Identity elements, monoids

Suppose \({ ( A , f ) }\) is a semigroup, i.e. that \({ f }\) is an associative binary operation on the set \({ A }\). A member \({ i }\) of \({ A }\) is said to be an identity element if for all \({ x ∈ A }\) we have \[ f ( i , x ) = x \] and \[ f ( x , i ) = x . \] Going back to our earlier examples of associative operations we can see that all but one of them have identity elements.

For the ones which do have an identity element it’s straightforward in each case to see that the given element is indeed an identity. For the minimum the non-existence of an identity is the statement that there is no natural number \({ i }\) such that \[ \min ( i , x ) = x \] and \[ \min ( x , i ) = x \] for all \({ x }\), which is clear because the equations above would fail for \({ x = i + 1 }\).

I’ve referred to an identity rather than the identity above to allow for the possibility that there might be more than one, but in fact this can’t happen. Suppose \({ i }\) and \({ j }\) are identity elements. Then \[ f ( i , j ) = j \] because \({ i }\) is an identity and \[ f ( i , j ) = i \] because \({ j }\) is an identity so \[ i = j . \]

A semigroup with an identity element is called a monoid, so all the semigroups listed above, except for the minimum operation on the natural numbers, are monoids.

A subsemigroup of a monoid which contains the identity element is also a monoid, with the operation being the restriction of the original operation and the identity being the identity from the larger monoid. The subsemigroup is then called a submonoid. The set of even natural numbers, considered earlier as a subsemigroup of the natural numbers, is a submonoid. Not all subsemigroups of a monoid are submonoids though.
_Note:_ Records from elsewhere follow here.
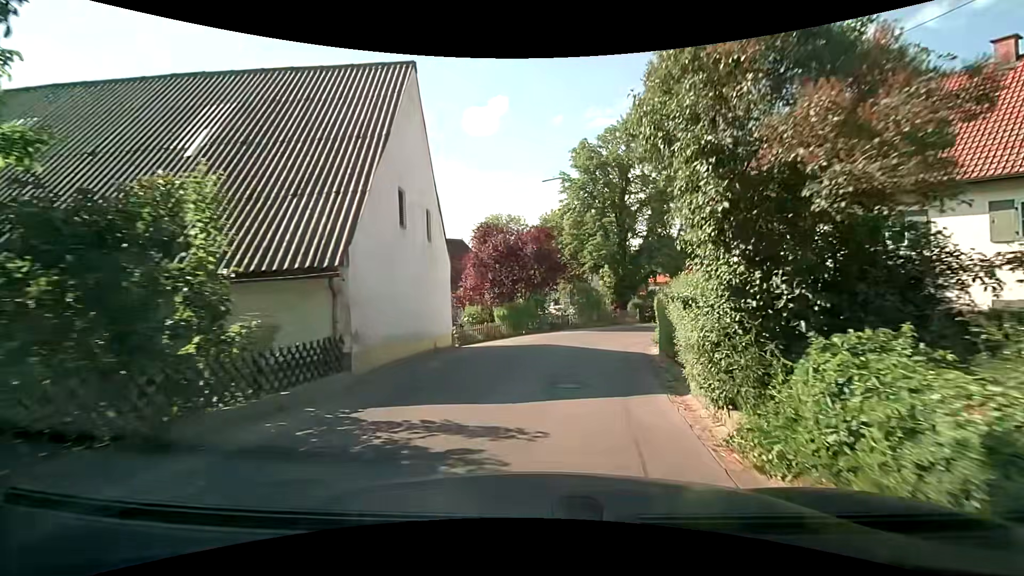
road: residential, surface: asphalt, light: Day
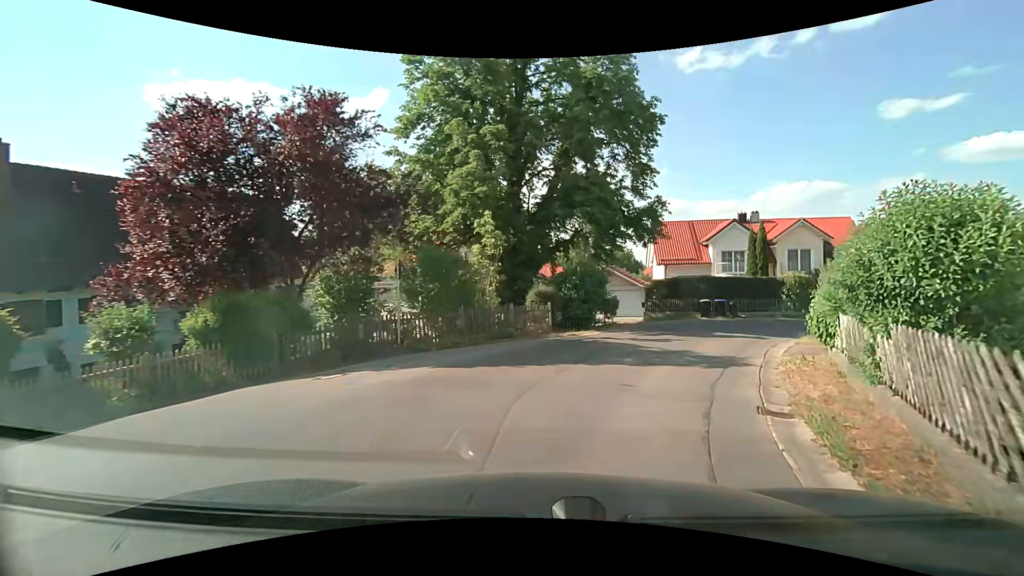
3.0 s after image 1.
(+2.5, +19.2) m; +11°
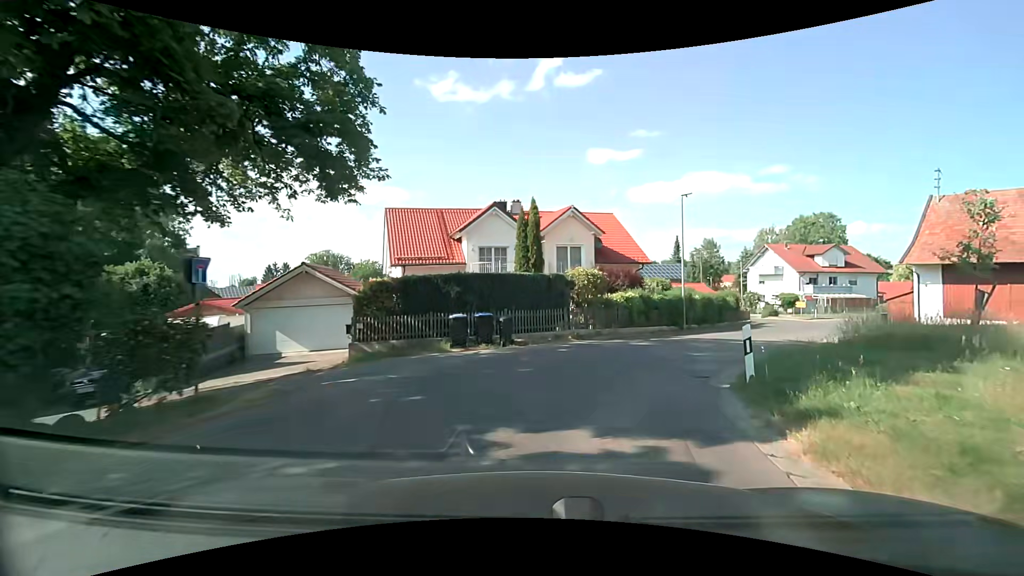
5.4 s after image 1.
(+4.6, +14.7) m; +28°
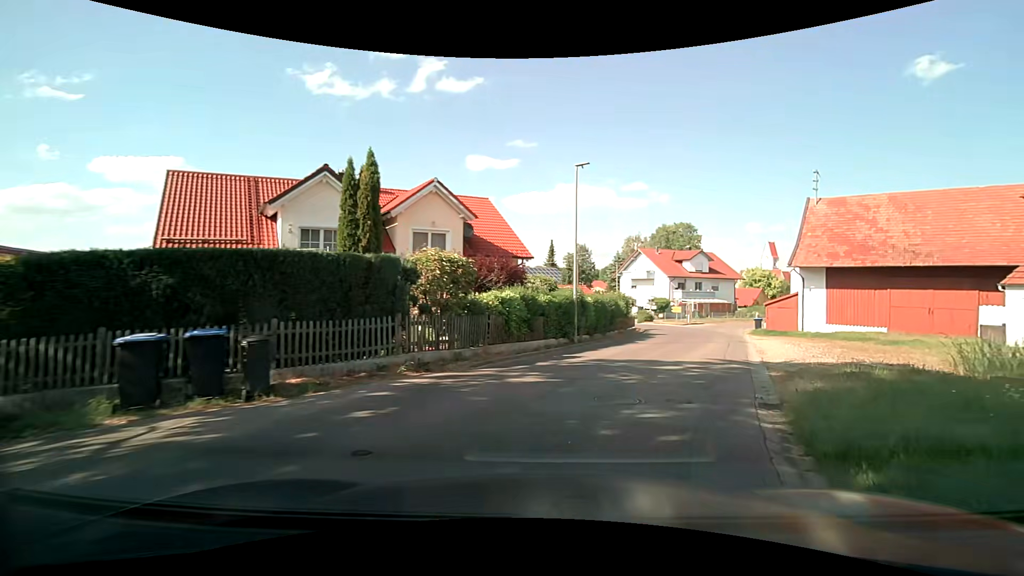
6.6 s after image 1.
(+1.1, +7.8) m; +17°
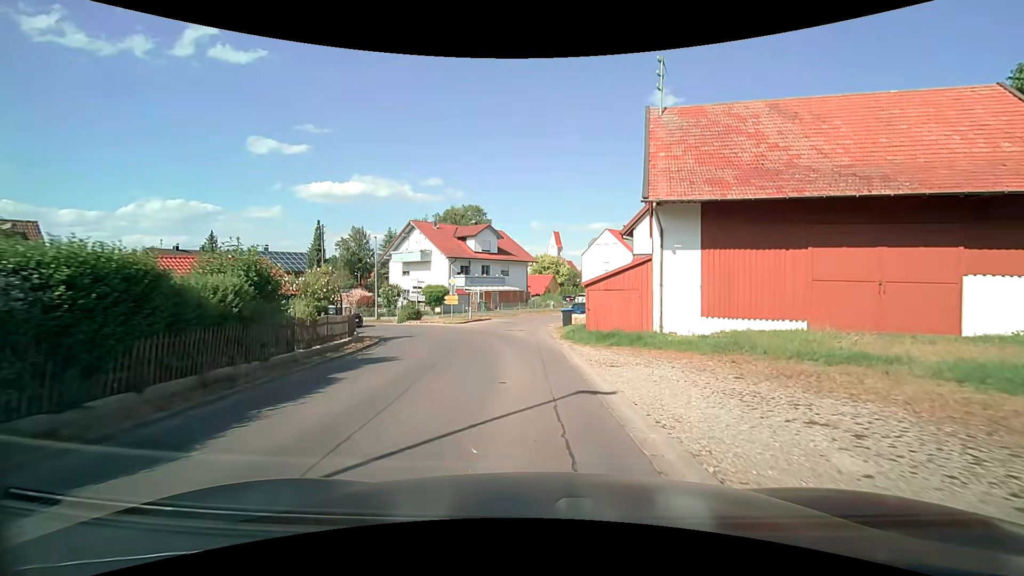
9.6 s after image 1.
(+5.8, +19.6) m; +22°
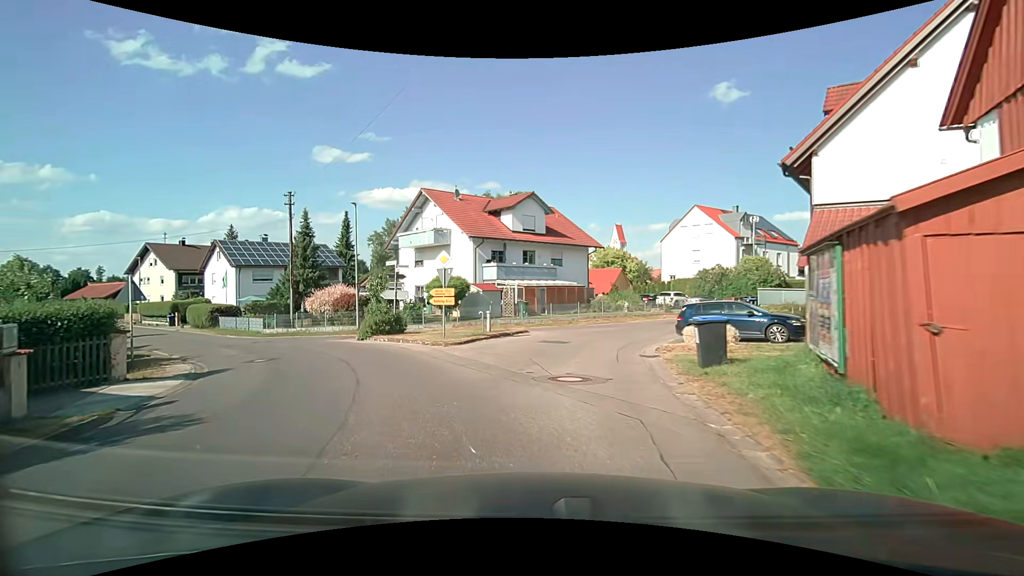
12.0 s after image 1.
(-0.3, +17.2) m; -6°
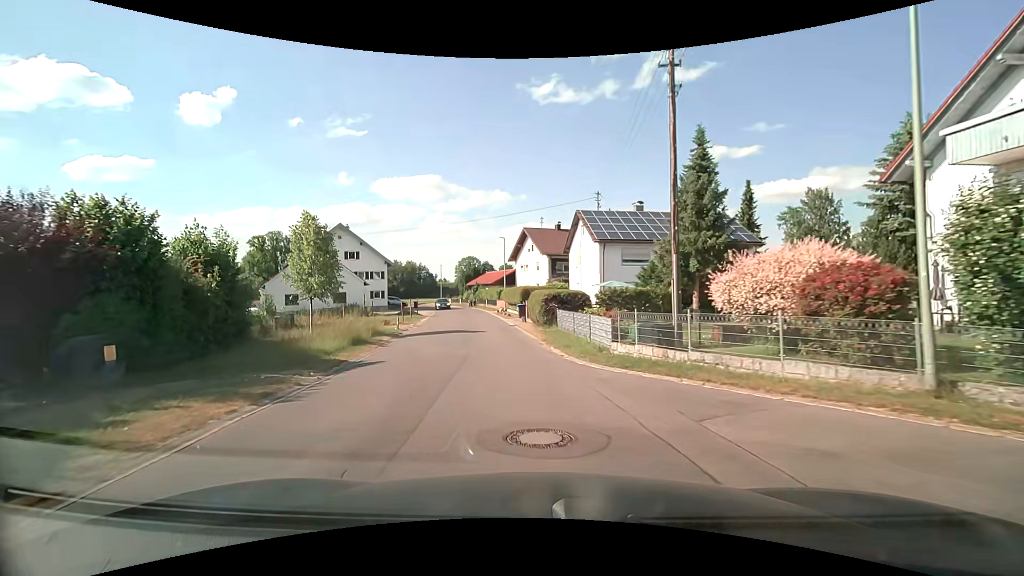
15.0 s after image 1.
(-8.8, +20.4) m; -41°
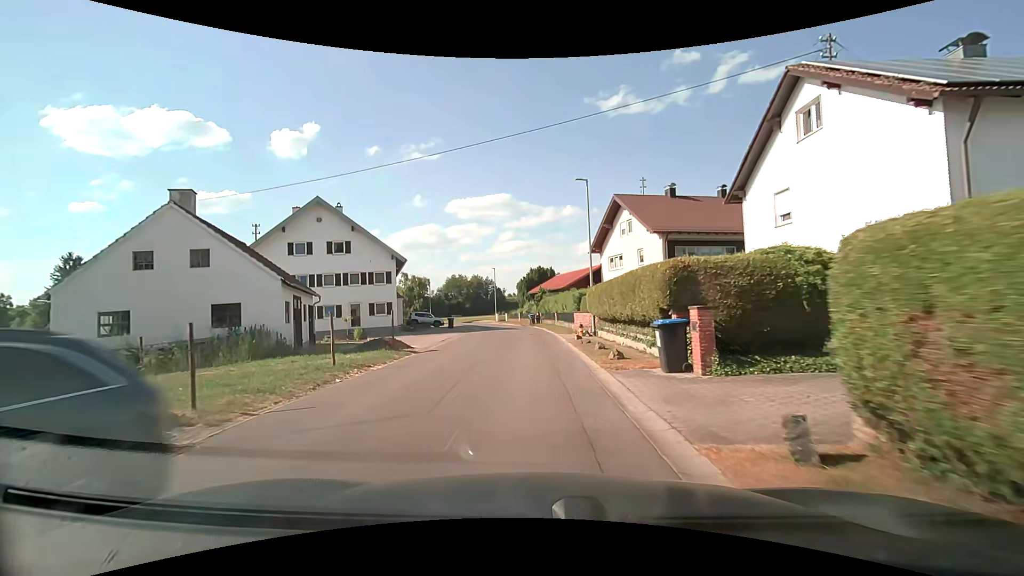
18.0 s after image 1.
(-2.7, +27.0) m; -9°
(0, +10) (-1, +20) (-1, +30) (-2, +40) (-3, +50) (-5, +60) (-8, +69) (-12, +79) (-16, +88) (-21, +96) m

Another example of a monoid is what’s called the bicyclic semigroup. The set in this case is the set \({ N ^ 2 }\) of ordered pairs of natural numbers and the binary operation is \[ f ( ( a , b ) , ( c , d ) ) = ( a + c - \min ( b , c ) , b + d - \min ( b , c ) ) . \] I will skip the straightforward but tedious verification that this operation is associative and therefore that this is a semigroup. It is not commutative since \[ f ( ( 0 , 1 ) , ( 1 , 0 ) ) = ( 0 , 0 ) \] while \[ f ( ( 1 , 0 ) , ( 0 , 1 ) ) = ( 1 , 1 ) . \] We have \[ f ( ( 0 , 0 ) , ( x , y ) ) = ( x , y ) \] and \[ f ( ( x , y ) , ( 0 , 0 ) ) = ( x , y ) \] for all \({ ( x , y ) }\) so \({ ( 0 , 0 ) }\) is an identity element. This is therefore not just a semigroup but a monoid. It would make more sense therefore to refer to it as the bicyclic monoid, but for historical reasons it is referred to as the bicyclic semigroup. That name isn’t wrong, since it is a semigroup, but it’s imprecise.